Mr. WILLIAMS. I do not understand the Senator to have answered the question which I propounded. He says that it was impossible for Florida during the rebellion while it had a confederate State government to hold an election. It was not physically impossible. Florida could have elected Senators and Representatives under that confederate State government; and the question is, would those Senators and Representatives, if elected, have been entitled at that time to admission into Congress? I should like to have the Senator make, if he pleases, a categorical answer to that question.

Mr. DOOLITTLE. I have given the Senator the answer to the question. It was in Florida precisely as it would be in Oregon if there was an insurrection there. If there was an insurrection raging in Florida you could not hold an election.
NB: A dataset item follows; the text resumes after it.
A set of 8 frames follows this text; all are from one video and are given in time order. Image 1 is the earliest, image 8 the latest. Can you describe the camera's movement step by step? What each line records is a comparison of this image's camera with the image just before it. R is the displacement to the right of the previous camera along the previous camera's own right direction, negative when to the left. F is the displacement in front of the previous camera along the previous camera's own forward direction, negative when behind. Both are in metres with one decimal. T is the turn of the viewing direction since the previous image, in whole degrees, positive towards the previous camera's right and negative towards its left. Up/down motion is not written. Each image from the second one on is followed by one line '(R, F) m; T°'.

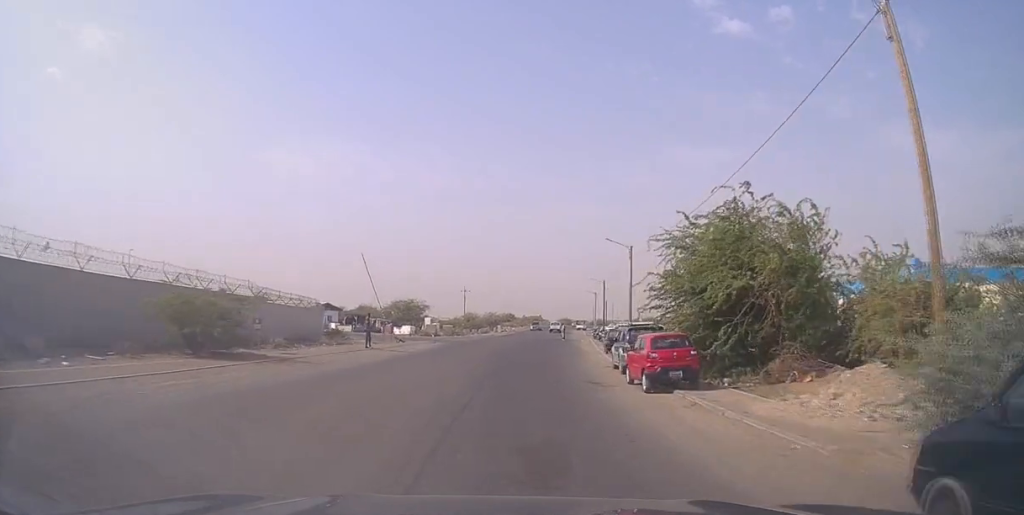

If there was an insurrection raging in the State of Maine, or if part of the State of Maine was captured, as it once was by British forces, you could not hold an election there. But I do not wish to go into a dialogue or a long discussion.

Mr. HOWE. Will my colleague allow me to ask him a question?

Mr. DOOLITTLE. I have no objection to a question.

Mr. HOWE. The question is, if in fact Florida did not have a Legislature which met annually during the years of the war, which met and passed laws.

Mr. DOOLITTLE. Florida organized a war with the confederate States against the Government of the United States, but in 1866 the war was over. Senators do not come to the point I make at all. There was no war in 1866. Peace had been proclaimed, and Congress by law had recognized the fact that peace was proclaimed. There was no insurrection and no interruption of the law.

Mr. HOWE. I asked permission to put a question to my colleague, and he allowed me to do it. Now I wish he would answer it. The question is, Did not Florida have a Legisla ture which met annually to pass laws through every year of the war?

Mr. DOOLITTLE. I suppose those adhering to the confederacy elected a Legislature.